First Look: Microsoft Healthcare Bot
On February 7th, 2019, Microsoft announced the availability of a new SaaS chatbot offering designed for use in the healthcare industry. They designed it to be a very fast-to-market conversational AI with built-in healthcare language models, terminology, and be compliant with security standards in the industry (HIPAA, ISO 27001, ISO 27018, CSA Gold, GDPR).
Mid-March I began my exploration into this offering and started building my first “Scenario.” Once you have created a bot, you are delivered to a new portal and are quickly presented with a showing of pre-baked templates for you to modify and make your own. At the time there were three available and four listed as coming soon.
I decided to start with the Provider Lookup scenario. Once I created the scenario, I was then taken to a well-designed CMS tool for building it. The tool displays the conversation as a flowchart that can be navigated and tested. The various nodes have different appearances based on their behavior, whether it be a prompt, action, route, decision, etc. Double clicking on the nodes opens a modal for that specific node allowing you to configure its behavior. In the image below you can see the flowchart, the chat window, the console, and the immediate window. These tools all make it very simple to modify your scenario. As the conversation runs you can also track your state with the highlighted nodes as the green border follows your actions and the blue outlined node is where I started.
I’m not sure if it was by design or just by luck, but this specific scenario did a really great job of illustrating how to call a third-party service, display cards or choices to the user, and how to behave given the choices made by the user. Given those pointers, I was able to stand up a service for our company which would find providers based on specialty, location, and gender, and then replace the mock one in the template and finally make small adjustments to the flow which made it my own.
At this point I felt really good about it and wanted to publish the bot so I could demo it to my HR team. Also worth noting was that up to this point I basically never left that CMS page. So now I made my way back to the menus and went about trying to deploy this bot. During the exploration, I found another chat that could be used to test my bot. I opened it and said “hello,” to which I was expecting the dialog I had worked so hard on to ask me about helping me find a health provider and I was sorely mistaken as the bot simply replied “Hi! How can I help?” Now I was confused, and so I asked it to help me find a provider to which it answered that it didn’t know what I meant. I realized I needed to re-evaluate all of the functionality and see where I had gone wrong.
As it turned out, since I was pointed at scenarios right away, I had lost scope of what this offering was, it is a complete healthcare conversational AI with many features. I had made a single new feature and just didn’t know how to reach it. After a little digging, I found the language models menu and this is where I really realized the power this bot had out of the box. By default all of the options were on and available when chatting with the bot, some showed being hit with use of regular expressions and some built-in, which likely means a LUIS driven domain.
Given this discovery, I immediately reopened the testing panel and prodded the bot about having a fever, and it followed up with a series of questions and then gave me recommendations based on my input. So now I began to understand this platform more fully. Microsoft has provided this jumping off point, you can take advantage of the features or not, and then you can add as many additional scenarios as you want. I added my scenario using a regex trigger, there was the option to have a LUIS model, but I passed given the nature of this exploration, then I went back to the chat and now I could ask for help finding a provider and my scenario played out. At this stage, I completed the modifications I would make to my demo but continued to explore and be surprised by this feature-rich offering.

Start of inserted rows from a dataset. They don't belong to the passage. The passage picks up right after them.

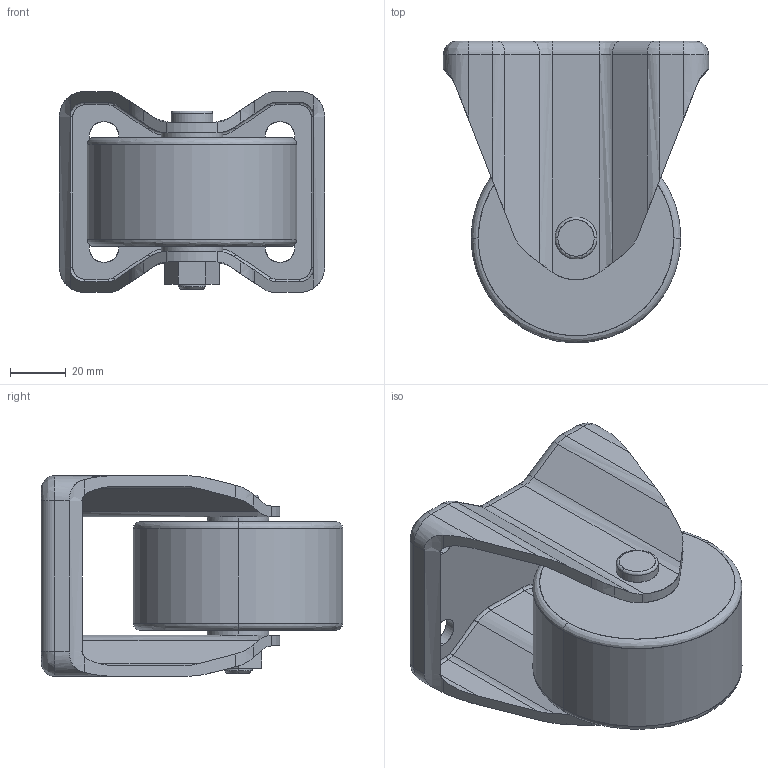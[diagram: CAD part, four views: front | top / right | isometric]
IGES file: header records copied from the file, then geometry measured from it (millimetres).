
Start section: SolidWorks IGES file using analytic representation for surfaces
Global section: file name: K-558-75.IGS,15; native system: HSolidWorks 2014; preprocessor: SolidWorks 2014; author: 1337yo; date: 190328.110639; units: millimetre
Bounding box: 95 x 108 x 72 mm (x, y, z)
Surface area: 54275.7 mm2 (no closed solid volume)
Topology: 0 solids, 0 shells, 158 faces, 1864 edges, 1864 vertices
Faces by surface type: bspline 82, revolution 76

Here are the major features that I discovered:
- Custom scenarios with the CMS
- Model Binding through LUIS, Regex, or QnA Maker(preview)
- Localization – this is amazing as the framework compiles a single list of all responses and has many of them already converted to many languages
- Configuration of
- Medical Scenarios such as
- Asking about pregnancy
- How to handle gender
- Whether or not to display triage information, suggested care, and possible causes
- Compliance such as
- Handling user privacy – personal data, conversation history, data management, and data retention
- Handling security and conversation timeout
- Handling terms and consent
- Conversation items such as
- Default messages for various scenarios
- Adding feedback options
- Configuring interrupting options
- Configuring cognitive services like spell check
- Configuring Human Hand-off scenarios
- Medical Scenarios such as
- Integration Items
- Data connections
- Predefined reports on usage, utterances, triage info, and custom scenario
- Feedback reports
- Unrecognized utterance tracking
- Managing Users
- Audit Trails and portal user management
- Asset catalog
- Files and global variables for bot consumption
This is a really powerful and easy to use platform if you are working in the healthcare sector. I would definitely lean on this if I wanted to get a robust bot to market quickly. I am excited to see this platform evolve as it comes out of public preview and whether or not Microsoft rolls out this SaaS model for other domains.